Available records Block Start
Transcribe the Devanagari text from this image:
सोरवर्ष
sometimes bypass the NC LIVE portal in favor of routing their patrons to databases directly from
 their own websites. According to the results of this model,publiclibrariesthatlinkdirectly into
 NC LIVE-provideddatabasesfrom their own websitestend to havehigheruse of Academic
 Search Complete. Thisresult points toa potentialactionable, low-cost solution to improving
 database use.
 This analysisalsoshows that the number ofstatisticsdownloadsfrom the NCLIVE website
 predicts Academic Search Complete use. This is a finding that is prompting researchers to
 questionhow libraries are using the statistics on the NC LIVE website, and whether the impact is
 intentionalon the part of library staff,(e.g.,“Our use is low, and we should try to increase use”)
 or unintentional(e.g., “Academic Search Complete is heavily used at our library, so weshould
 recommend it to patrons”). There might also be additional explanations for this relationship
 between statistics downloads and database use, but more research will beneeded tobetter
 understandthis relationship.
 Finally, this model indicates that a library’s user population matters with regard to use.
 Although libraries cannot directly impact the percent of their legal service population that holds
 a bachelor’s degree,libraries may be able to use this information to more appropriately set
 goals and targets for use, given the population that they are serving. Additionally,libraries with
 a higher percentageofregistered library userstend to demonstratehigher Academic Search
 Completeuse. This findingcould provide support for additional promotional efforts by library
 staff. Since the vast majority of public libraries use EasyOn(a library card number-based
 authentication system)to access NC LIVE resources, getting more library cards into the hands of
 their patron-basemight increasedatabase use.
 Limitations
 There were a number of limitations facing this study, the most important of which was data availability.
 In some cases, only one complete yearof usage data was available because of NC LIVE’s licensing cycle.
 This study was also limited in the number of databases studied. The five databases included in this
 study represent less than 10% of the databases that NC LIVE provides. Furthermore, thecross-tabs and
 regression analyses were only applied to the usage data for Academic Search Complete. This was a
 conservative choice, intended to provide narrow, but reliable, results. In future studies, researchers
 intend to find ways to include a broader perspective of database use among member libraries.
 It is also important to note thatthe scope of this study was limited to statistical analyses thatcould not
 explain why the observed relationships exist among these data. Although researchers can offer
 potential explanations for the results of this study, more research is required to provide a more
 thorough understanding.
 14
Available records Block End
Exercise brief: The answer must consist of each line from the data that includes the string "with".

Written answer:
 Finally, this model indicates that a library’s user population matters with regard to use.
 goals and targets for use, given the population that they are serving. Additionally,libraries with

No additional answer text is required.